From the line containing "Q: Width (condensed, normal, or" down to the last line of the material, return those lines verbatim and only those.

◇ ◇ ◇ ◇

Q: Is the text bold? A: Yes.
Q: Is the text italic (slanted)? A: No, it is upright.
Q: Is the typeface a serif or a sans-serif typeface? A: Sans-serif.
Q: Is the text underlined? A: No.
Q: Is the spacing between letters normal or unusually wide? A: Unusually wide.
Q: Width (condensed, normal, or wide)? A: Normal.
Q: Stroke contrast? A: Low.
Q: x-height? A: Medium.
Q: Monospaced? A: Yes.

◇ ◇ ◇ ◇

* _WRITTEN RESPONSE_:
Q: Width (condensed, normal, or wide)? A: Normal.
Q: Stroke contrast? A: Low.
Q: x-height? A: Medium.
Q: Monospaced? A: Yes.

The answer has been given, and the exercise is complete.